Here are some important examples of variational inference algorithms:

  • variational Bayes, the application of variational inference to Bayesian models where the posterior distribution over parameters cannot be represented exactly. If the model also includes latent variables, then variational Bayes EM can be used.
  • the mean field approximation, where the approximating distribution has a particularly simple form: all of the variables are assumed to be independent.
  • expectation propagation, an approximation to loopy belief propagation. It sends approximate messages which represent only the expectations of certain sufficient statistics of the relevant variables.

And here are some canonical examples where variational inference techniques are applied. While you're unlikely to use these particular models, they provide a guide for how variational techniques can be applied to Bayesian models more generally:

Belief propagation

Belief propagation is another family of inference algorithms intended for graphical models such as Bayes nets and Markov random fields (MRFs). The variables in the model "pass messages" to each other which summarize information about the joint distribution over other variables. There are two general forms of belief propagation:

  • When applied to tree-structured graphical models, BP performs exact posterior inference. There are two particular forms:
    • the sum-product algorithm, which computes the marginal distribution of each individual variable (and also over all pairs of neighboring variables).
    • the max-product algorithm, which computes the most likely joint assignment to all of the variables
  • It's also possible to apply the same message passing rules in a graph which isn't tree-structured. This doesn't give exact results, and in fact lacks even basic guarantees such as convergence to a fixed point, but often it works pretty well in practice. This is often called loopy belief propagation to distinguish it from the tree-structured versions, but confusingly, some research communities simply refer to this as "belief propagation."

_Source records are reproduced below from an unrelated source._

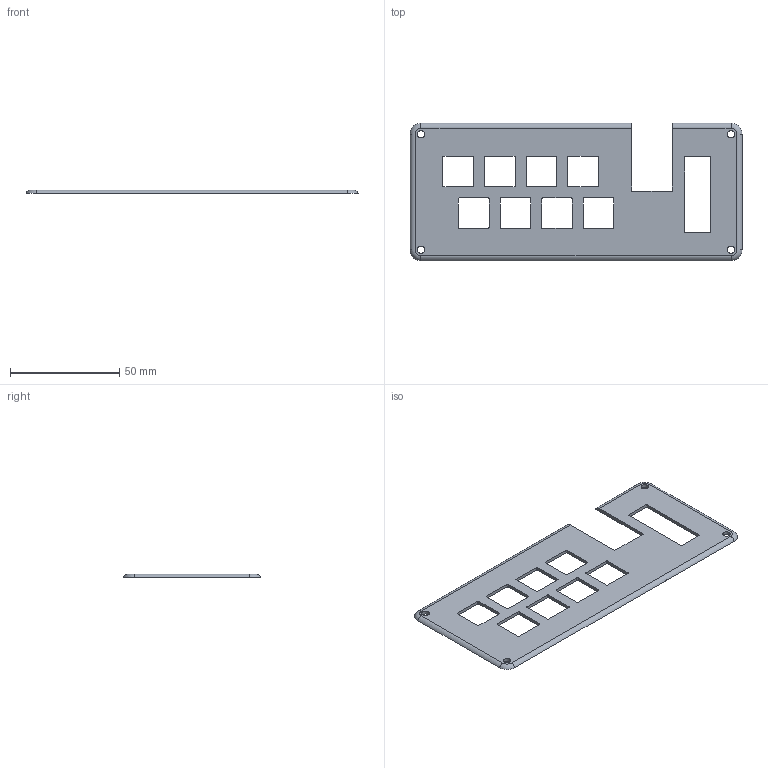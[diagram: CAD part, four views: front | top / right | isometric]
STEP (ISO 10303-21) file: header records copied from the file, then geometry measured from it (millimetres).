
FILE_DESCRIPTION(/* description */ (''),/* implementation_level */ '2;1');
FILE_NAME(/* name */ 'Macropad Case Top.step',/* time_stamp */ '2025-12-06T17:31:08-08:00',/* author */ (''),/* organization */ (''),/* preprocessor_version */ 'ST-DEVELOPER v20.1',/* originating_system */ 'Autodesk Translation Framework v14.21.0.0',/* authorisation */ '');
FILE_SCHEMA (('AUTOMOTIVE_DESIGN { 1 0 10303 214 3 1 1 }'));
Length unit declared in the file: millimetre
Products named in the file (1): Macropad Case Top
Bounding box: 151.97 x 62.86 x 1.7 mm (x, y, z)
Volume: 10046.4 mm3; surface area: 15171 mm2
Topology: 1 solids, 1 shells, 436 faces, 1239 edges, 826 vertices
Faces by surface type: bspline 257, plane 134, cylinder 41, torus 4
Full cylindrical faces by diameter (mm): 3.4 x4
Entity records: 16608 total; most frequent: CARTESIAN_POINT 6871, ORIENTED_EDGE 2478, EDGE_CURVE 1239, DIRECTION 1175, VERTEX_POINT 826, LINE 635, VECTOR 635, B_SPLINE_CURVE_WITH_KNOTS 514

The junction tree algorithm gives a way of applying exact BP to non-tree-structured graphs by defining coarser-grained "super-variables" with respect to which the graph is tree-structured.

The most common special case of BP on trees is the forward-backward algorithm for HMMs. Kalman smoothing is also a special case of the forward-backward algorithm, and therefore of BP as well.

BP is widely used in computer vision and information theory, where the inference problems tend to have a regular structure. In Bayesian machine learning, BP isn't used very often on its own, but it can be a powerful component in the context of a variational or sampling-based algorithm.


Finally, here are some theoretical issues involved in Bayesian methods.

  • Defining a Bayesian model requires choosing priors for the parameters. If we don't have strong prior beliefs about the parameters, we may want to choose uninformative priors. One common choice is the Jeffreys prior.
  • How much data do you need to accurately estimate the parameters of your model? The asymptotics of maximum likelihood provide a lot of insight into this question, since for finite models, the posterior distribution has similar asymptotic behavior to the distribution of maximum likelihood estimates.